Assigned task - Copy every entry exactly as given, minus the images.

Data supplied -
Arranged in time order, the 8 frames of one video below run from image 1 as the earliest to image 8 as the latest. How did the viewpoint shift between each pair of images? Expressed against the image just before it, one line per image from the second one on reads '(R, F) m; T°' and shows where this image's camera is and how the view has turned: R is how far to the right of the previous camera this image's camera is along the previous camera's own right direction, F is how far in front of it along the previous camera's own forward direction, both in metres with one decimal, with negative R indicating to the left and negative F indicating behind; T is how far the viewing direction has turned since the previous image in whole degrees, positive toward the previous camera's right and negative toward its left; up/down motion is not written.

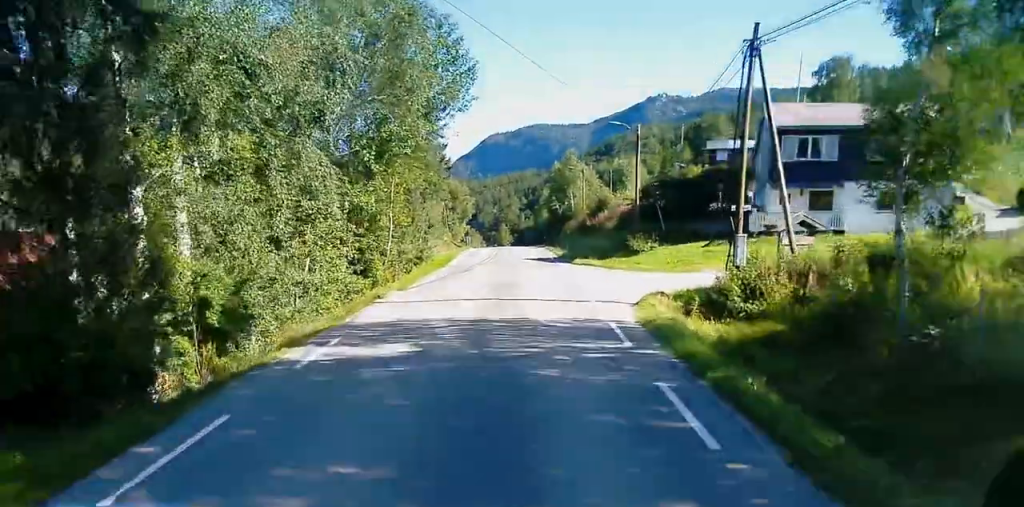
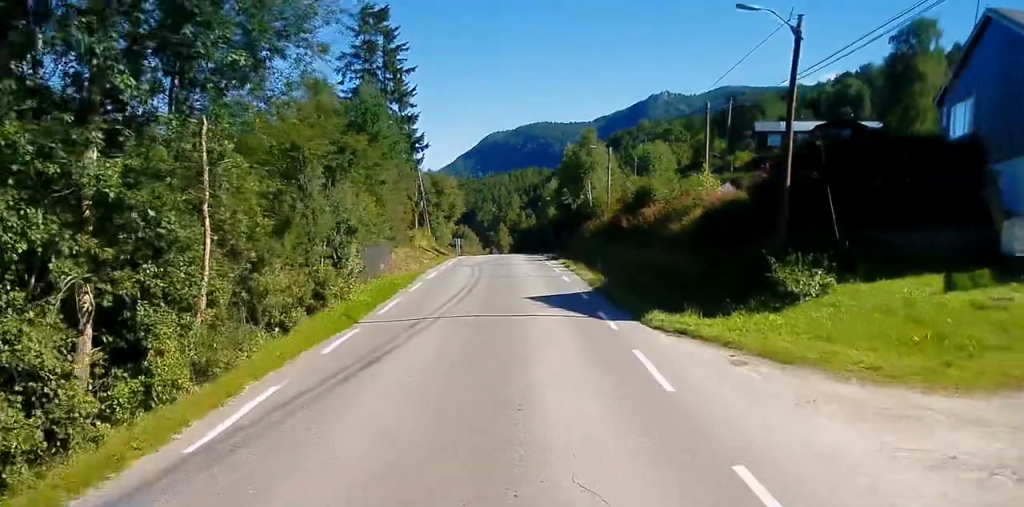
(0.0, +21.7) m; 0°
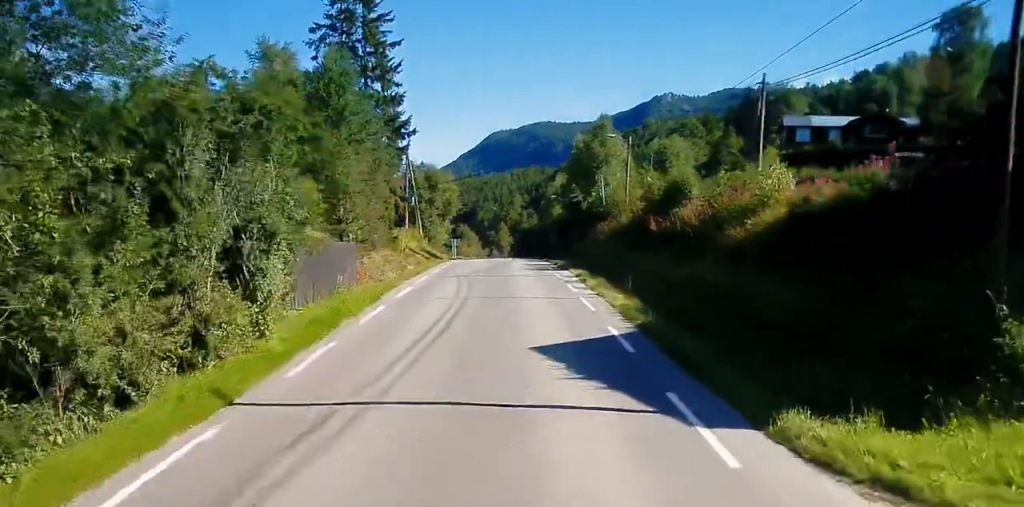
(0.0, +8.5) m; 0°
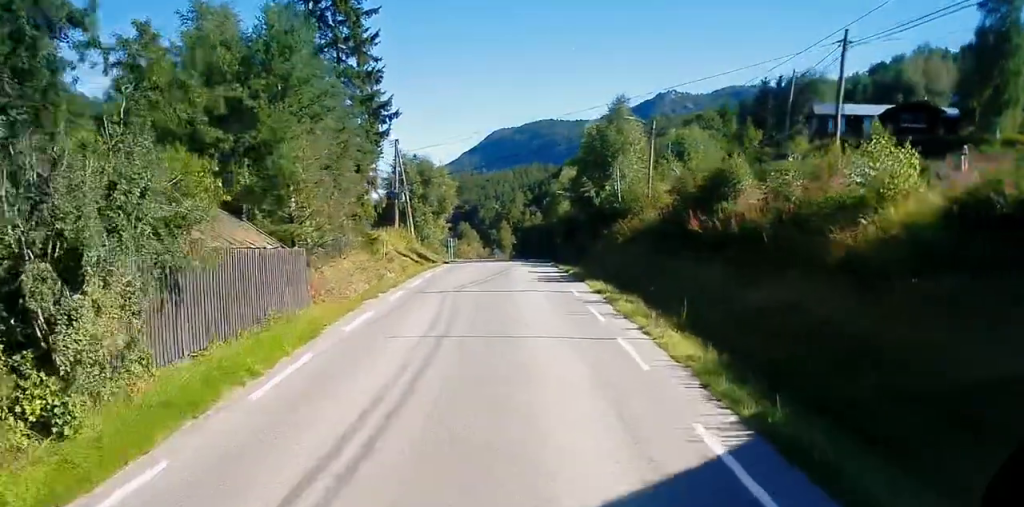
(0.0, +7.8) m; 0°
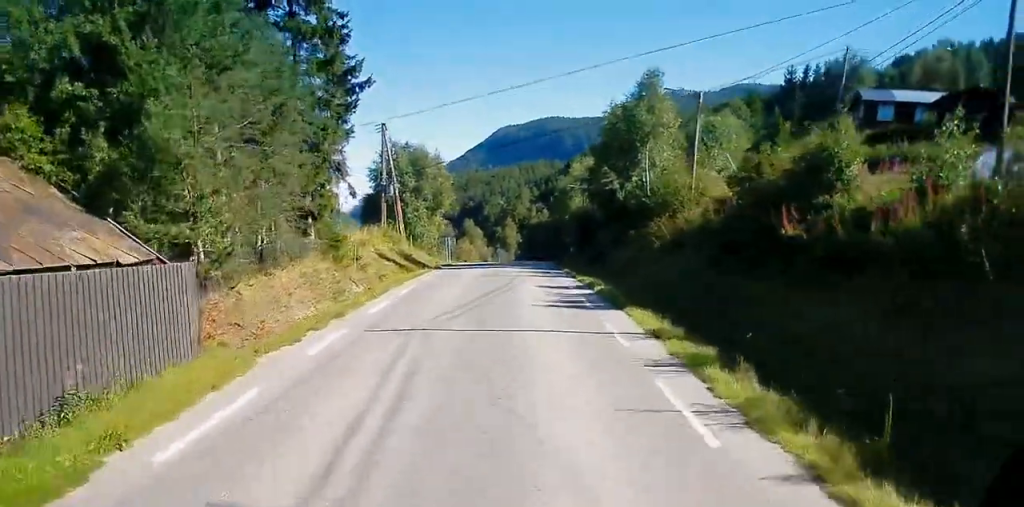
(0.0, +9.2) m; 0°
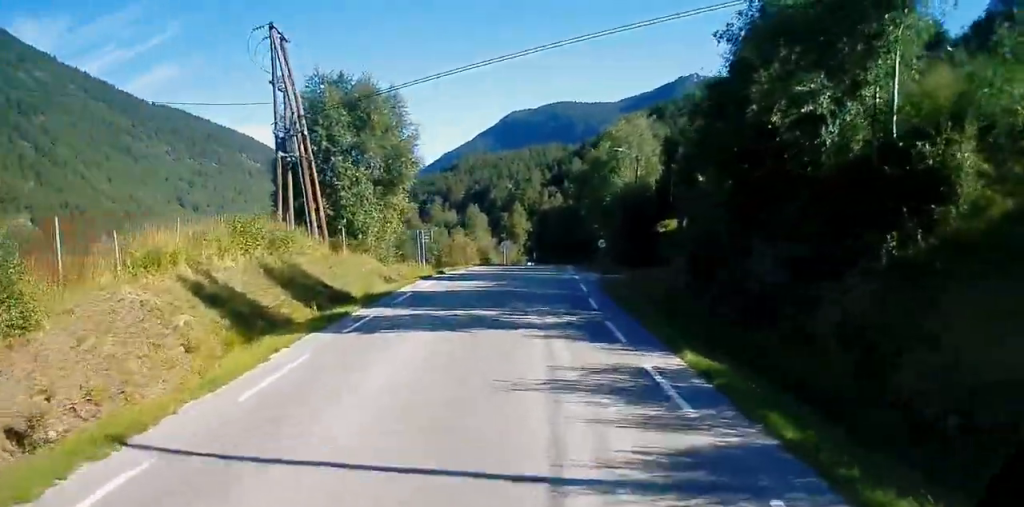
(0.0, +27.6) m; 0°
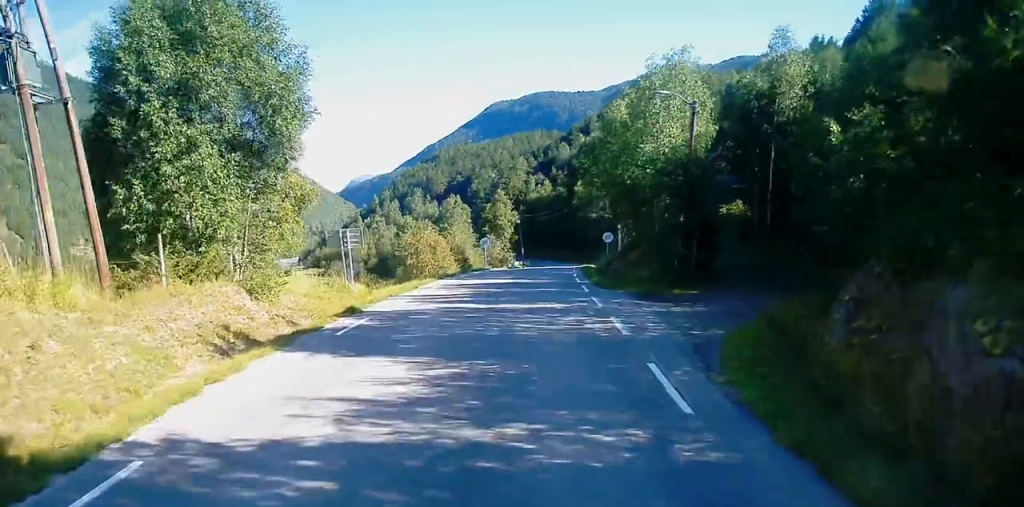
(-0.3, +18.0) m; -2°
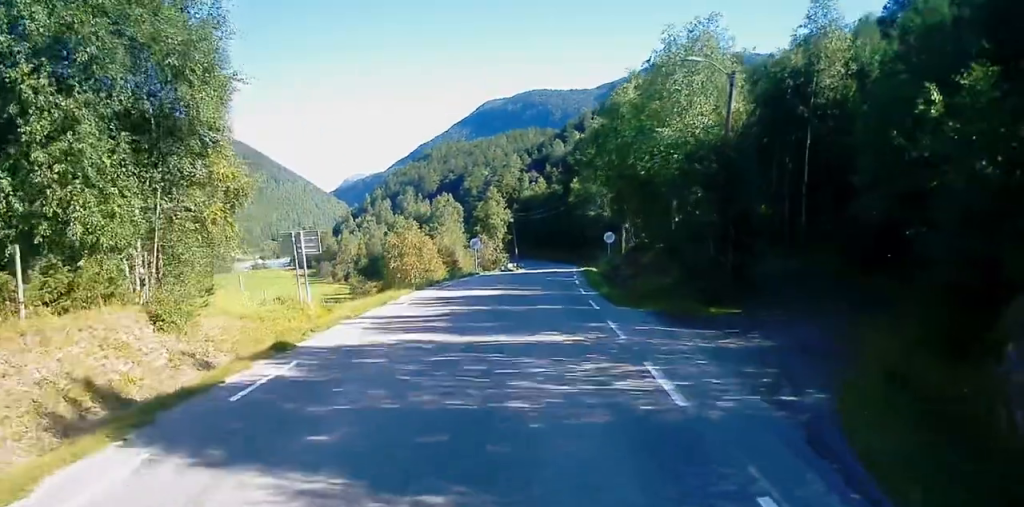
(-0.1, +5.7) m; -1°
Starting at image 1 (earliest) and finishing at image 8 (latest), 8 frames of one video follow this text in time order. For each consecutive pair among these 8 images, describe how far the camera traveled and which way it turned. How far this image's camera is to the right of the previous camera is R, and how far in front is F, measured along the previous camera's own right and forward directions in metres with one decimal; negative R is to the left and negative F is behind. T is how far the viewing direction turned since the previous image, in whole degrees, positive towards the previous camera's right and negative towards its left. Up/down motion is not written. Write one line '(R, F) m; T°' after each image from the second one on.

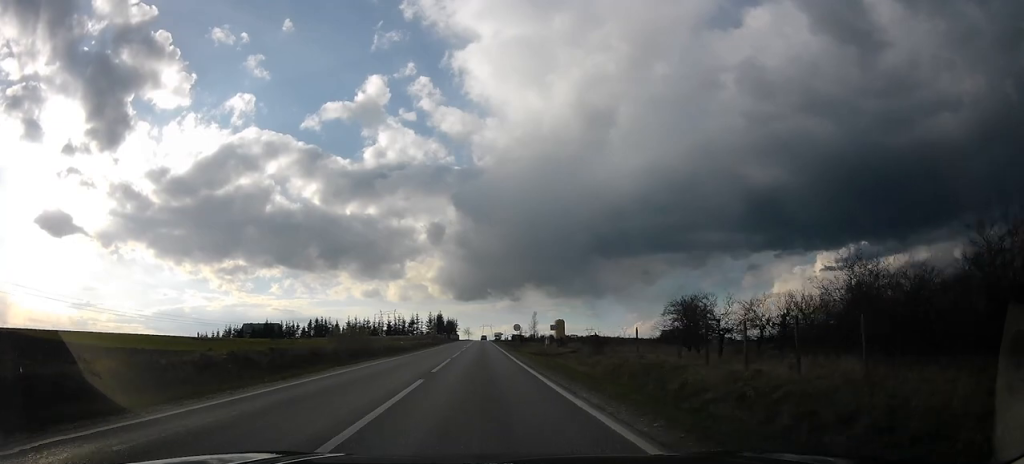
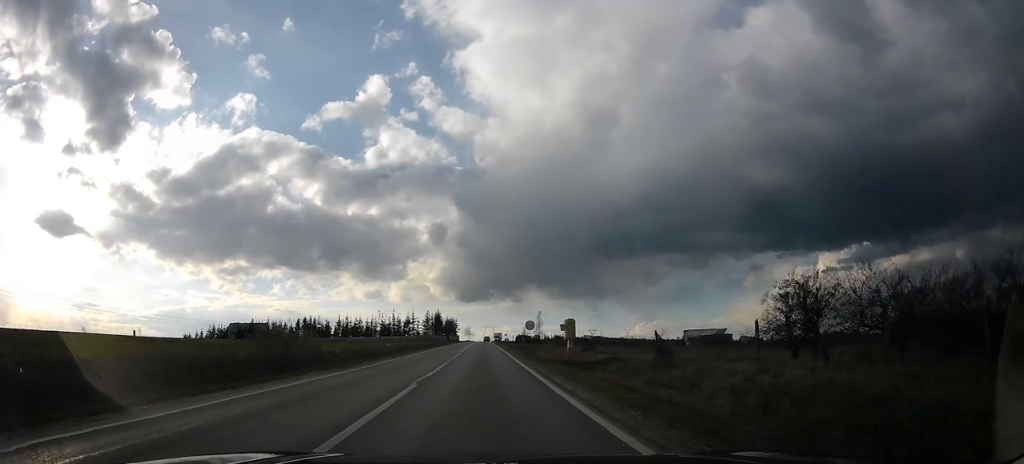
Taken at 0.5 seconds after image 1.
(0.0, +13.5) m; 0°
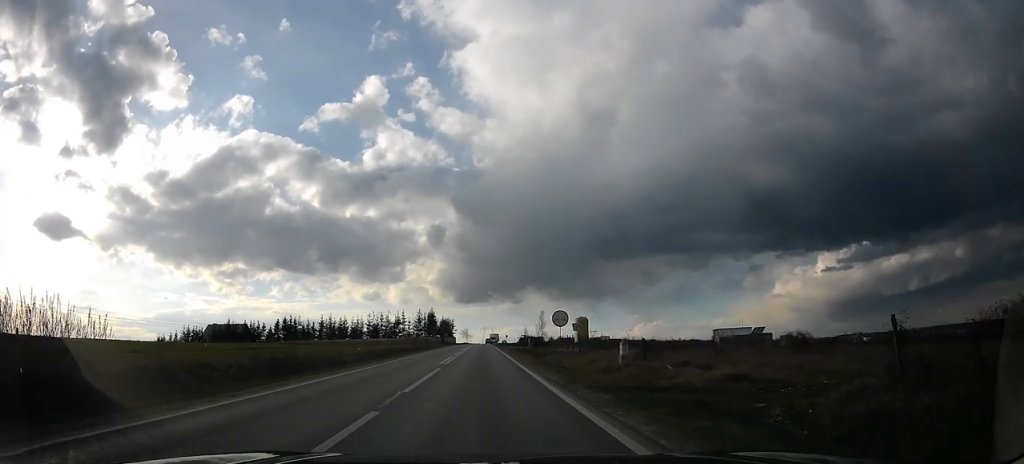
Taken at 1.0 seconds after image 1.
(0.0, +16.3) m; 0°
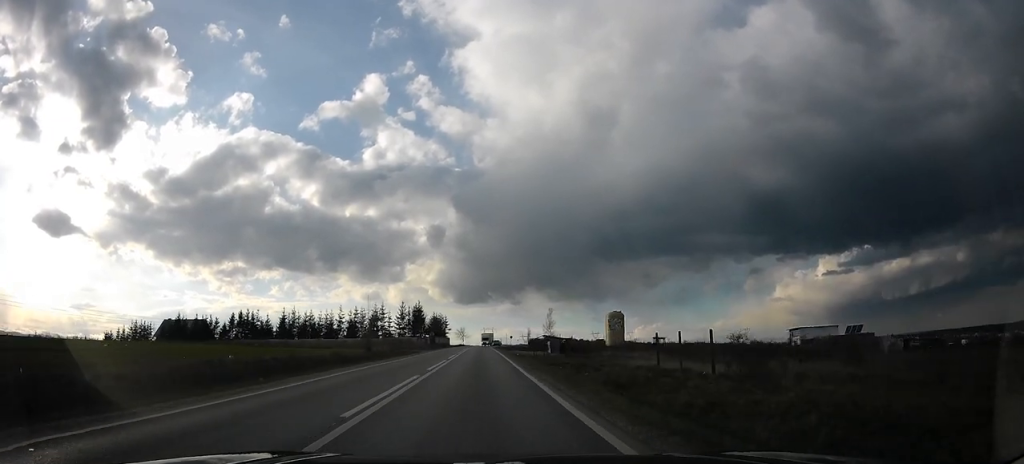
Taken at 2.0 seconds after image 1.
(0.0, +27.6) m; 0°
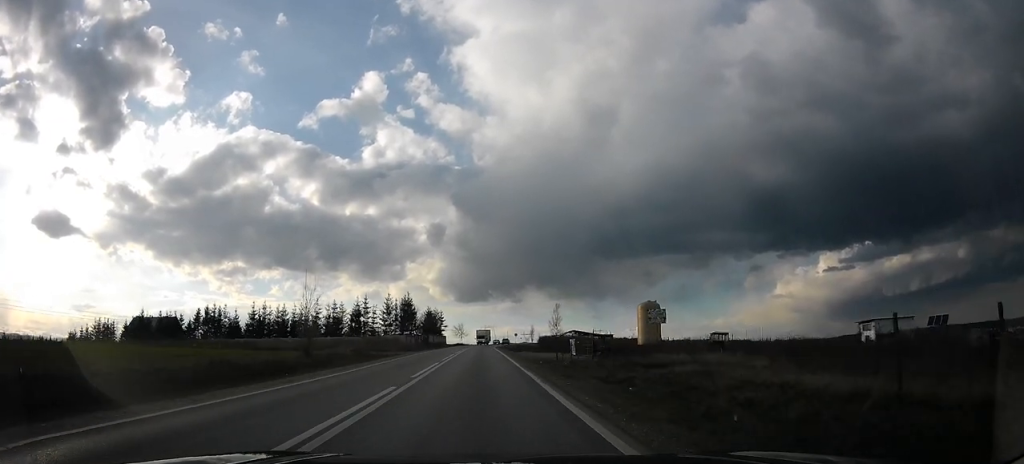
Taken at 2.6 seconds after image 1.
(0.0, +16.1) m; 0°
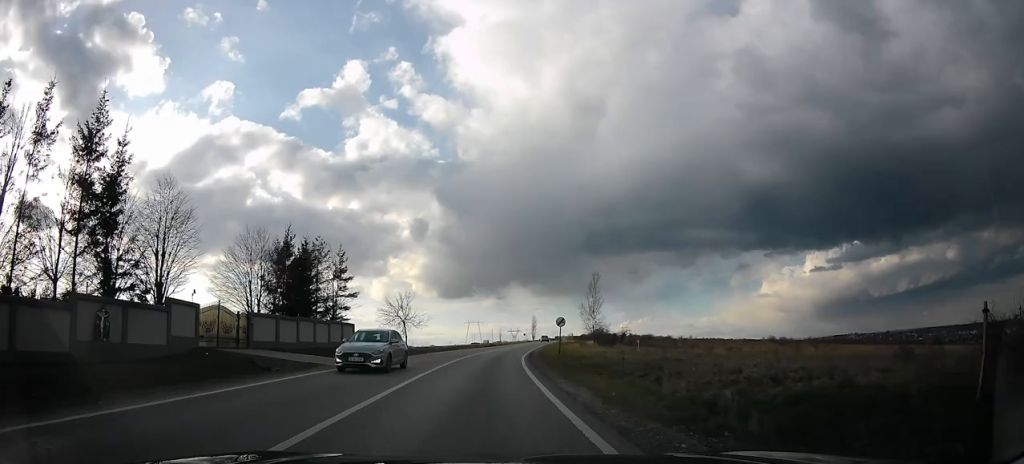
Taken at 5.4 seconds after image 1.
(-0.7, +79.3) m; +1°
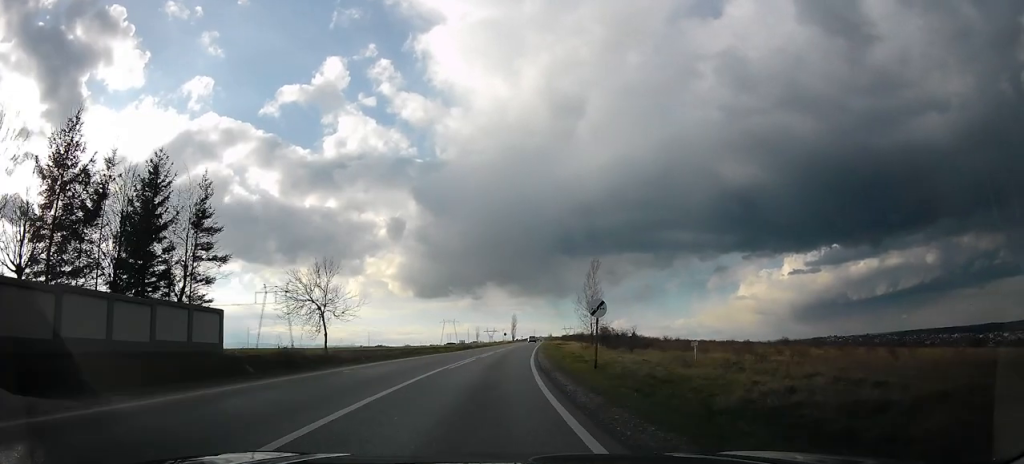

Finished task -
Arranged in time order, the 8 frames of one video below run from image 1 as the earliest to image 8 as the latest. How did the viewpoint shift between each pair of images? Expressed against the image just before it, one line per image from the second one on reads '(R, F) m; T°' and shows where this image's camera is and how the view has turned: R is how far to the right of the previous camera this image's camera is along the previous camera's own right direction, F is how far in front of it along the previous camera's own forward direction, both in metres with one decimal, with negative R indicating to the left and negative F indicating behind; T is how far the viewing direction has turned since the previous image in whole degrees, positive toward the previous camera's right and negative toward its left; up/down motion is not written.

(0.0, +21.7) m; 0°
(0.0, +8.5) m; 0°
(0.0, +7.8) m; 0°
(0.0, +9.2) m; 0°
(0.0, +27.6) m; 0°
(-0.3, +18.0) m; -2°
(-0.1, +5.7) m; -1°
Starting at image 1 (earliest) and finishing at image 8 (latest), 8 frames of one video follow this text in time order. For each consecutive pair among these 8 images, describe how far the camera traveled and which way it turned. How far this image's camera is to the right of the previous camera is R, and how far in front is F, measured along the previous camera's own right and forward directions in metres with one decimal; negative R is to the left and negative F is behind. T is how far the viewing direction turned since the previous image, in whole degrees, positive towards the previous camera's right and negative towards its left. Up/down motion is not written. Write one line '(R, F) m; T°' after each image from the second one on.

Taken at 0.5 seconds after image 1.
(0.0, +13.5) m; 0°
Taken at 1.0 seconds after image 1.
(0.0, +16.3) m; 0°
Taken at 2.0 seconds after image 1.
(0.0, +27.6) m; 0°
Taken at 2.6 seconds after image 1.
(0.0, +16.1) m; 0°
Taken at 5.4 seconds after image 1.
(-0.7, +79.3) m; +1°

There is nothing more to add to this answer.